The drop could be a result of homebuilders turning down orders to give themselves time to catch up on construction backlogs. In their second quarter earnings calls, many builders “spoke of throttling back their order books in the face of supply disruptions, high materials costs, and labor scarcity,” Fannie Mae forecasters noted. “We expect sales to be subdued in the near term as this dynamic takes some time to play out, but eventually builders will work through their backlogs and start taking more orders.”
Fannie Mae economists now project 2021 new home sales will total 801,000, down from last month’s projection for 874,000 sales. Existing home sales are now projected at 5.86 million, a modest increase of 30,000 homes over July’s forecast.
“The past two months of declining mortgages rates would normally lead us to expect a greater increase in home sales over the latter half of the year, as rate changes typically induce more homebuying,” Fannie Mae’s economists said. “But the historically low level of inventory for sale suggests that any rate-related increase in sales will be muted due to the inadequacy of listings needed to fulfill higher buyer demand. This softer sales response also suggests more upward pressure on prices.”
Next year, new home sales are expected to rise to 871,000, as builders start catching up with demand. But while price appreciation is expected to cool, Fannie Mae also expects sales of existing homes to drop back to 2020 levels.
Lower interest rates are expected to provide a boost in refinancings, with Fannie Mae analysts estimating that around 51 percent of all homeowners with mortgages could potentially lower their interest rate by at least 50 basis points, or half a percentage point. At the current forecast level of $2.5 trillion, refinancings won’t equal last year’s peak of $2.9 trillion, and are expected to drop by 47 percent next year, to $1.3 trillion.
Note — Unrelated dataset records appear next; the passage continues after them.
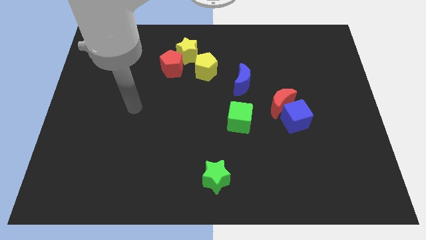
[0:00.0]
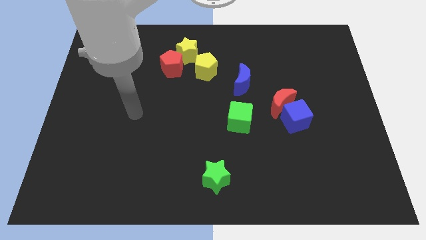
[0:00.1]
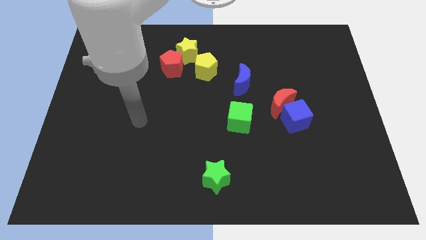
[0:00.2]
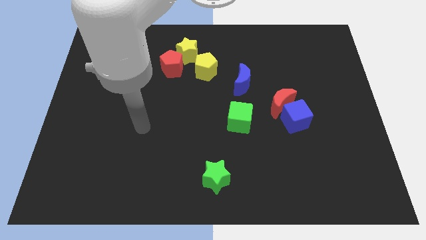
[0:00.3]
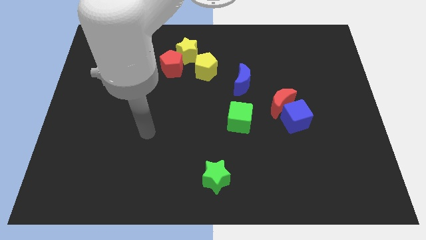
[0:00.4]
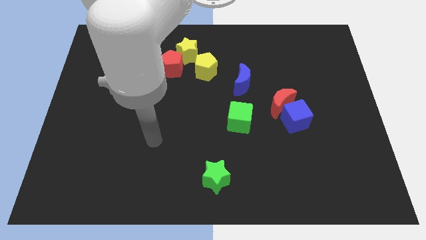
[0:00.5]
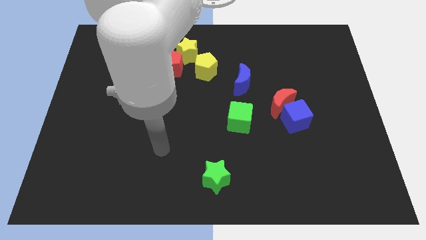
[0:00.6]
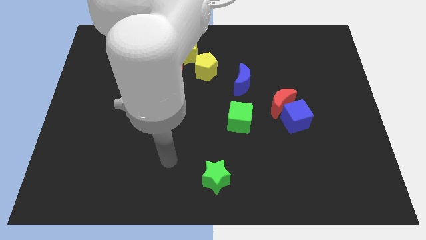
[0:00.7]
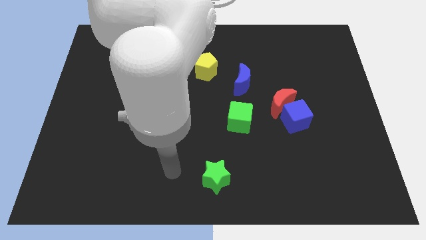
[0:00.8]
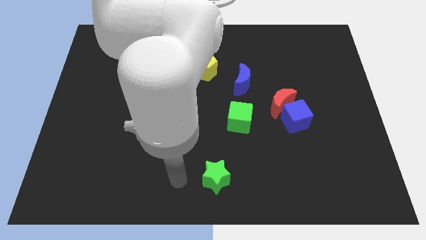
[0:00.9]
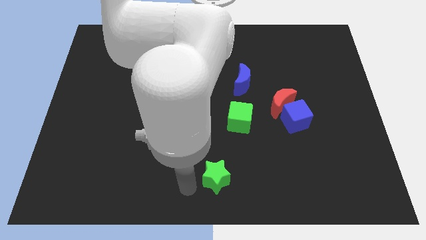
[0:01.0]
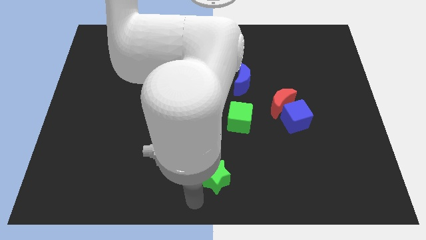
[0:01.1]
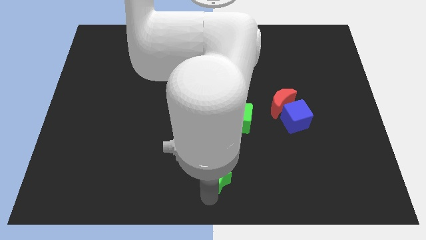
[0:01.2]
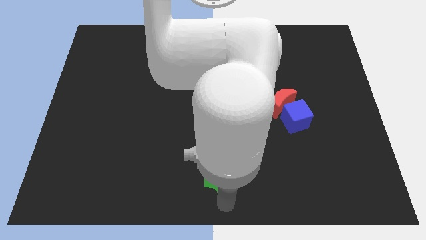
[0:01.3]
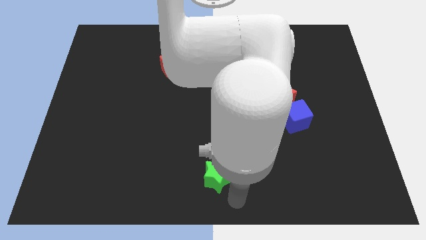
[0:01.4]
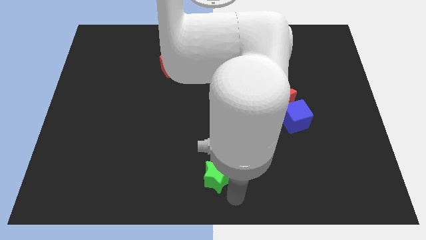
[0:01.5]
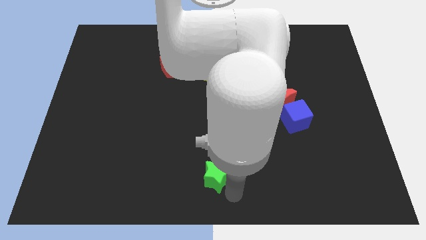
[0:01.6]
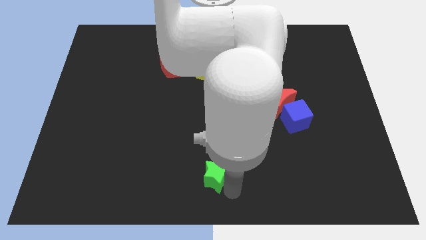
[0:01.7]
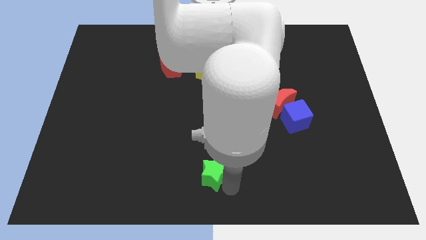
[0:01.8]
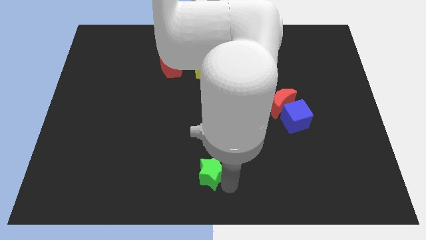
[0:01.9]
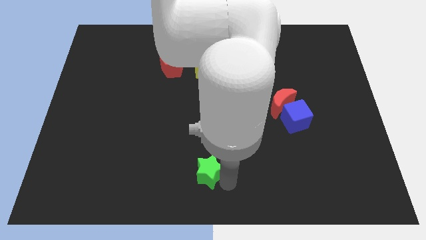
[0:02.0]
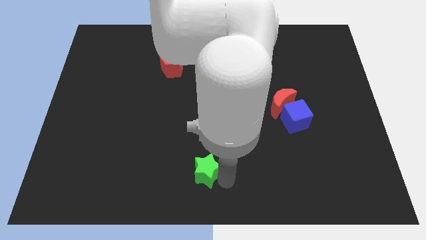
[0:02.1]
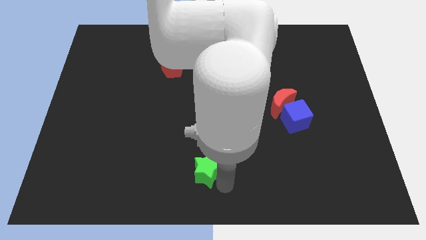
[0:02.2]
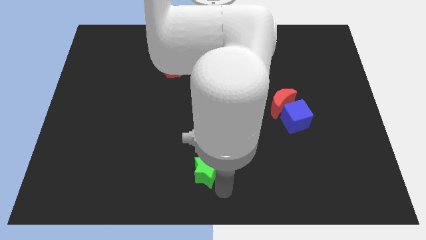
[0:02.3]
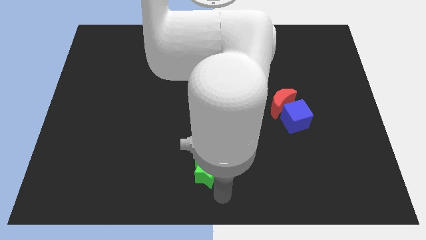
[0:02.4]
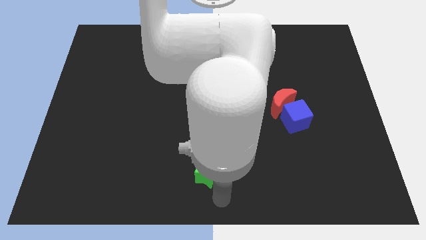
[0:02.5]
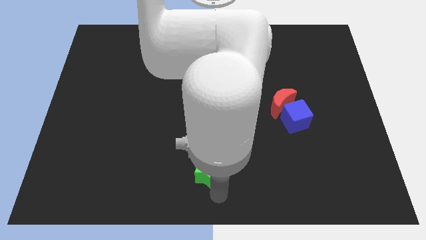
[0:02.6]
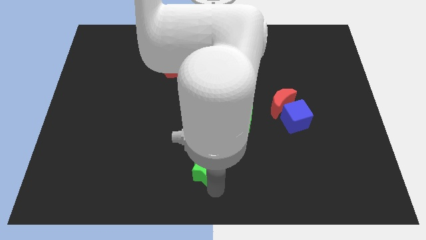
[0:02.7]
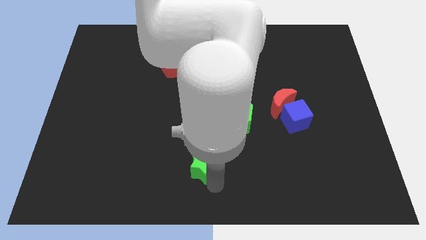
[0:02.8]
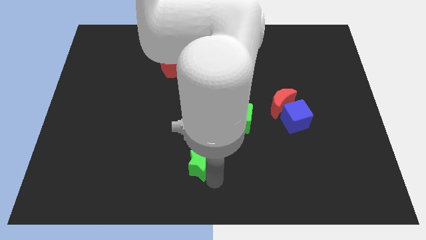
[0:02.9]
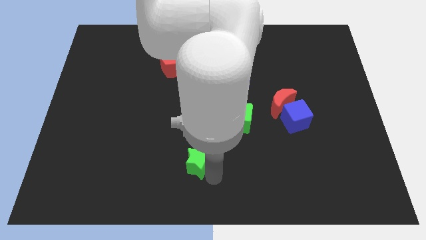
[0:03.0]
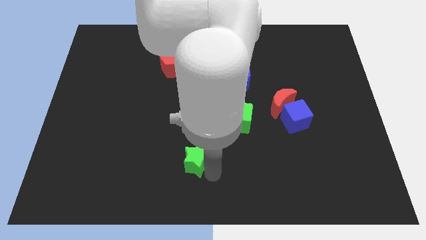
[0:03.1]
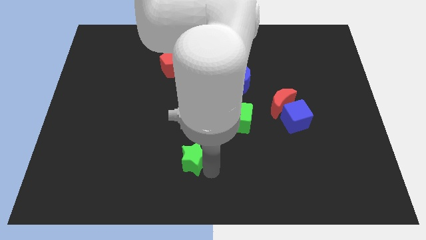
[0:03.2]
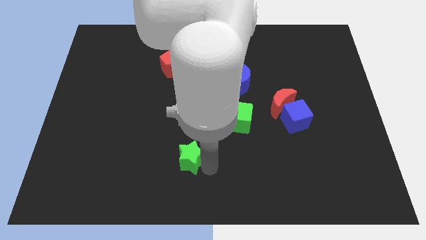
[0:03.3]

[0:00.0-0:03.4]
slide the green star diagonally upwards and left a bit

Purchase loan originations are expected to grow by 12 percent this year, to $1.8 trillion, outpacing the projected 3.8 percent increase in home sales thanks to double-digit home price appreciation. Purchase loan volume is projected to grow by another 7 percent next year, to $2 trillion.
“While the recent surge of COVID-19 cases appears to be affecting consumer behavior, the economic response so far has been modest compared to last year’s outbreak, and its impact on our latest forecast is similarly slight, albeit to the downside,” said Fannie Mae Deputy Chief Economist Mark Palim, in a statement summarizing the forecast. “For the housing market, at current case levels, the lack of inventories of homes for sale and continued supply chain bottlenecks experienced by homebuilders remain the primary constraints on home purchase activity. Moreover, while mortgage rates have drifted downward and in theory provide greater purchasing power to potential borrowers, in practice, given current supply-side and affordability challenges, we expect that benefit to be limited.”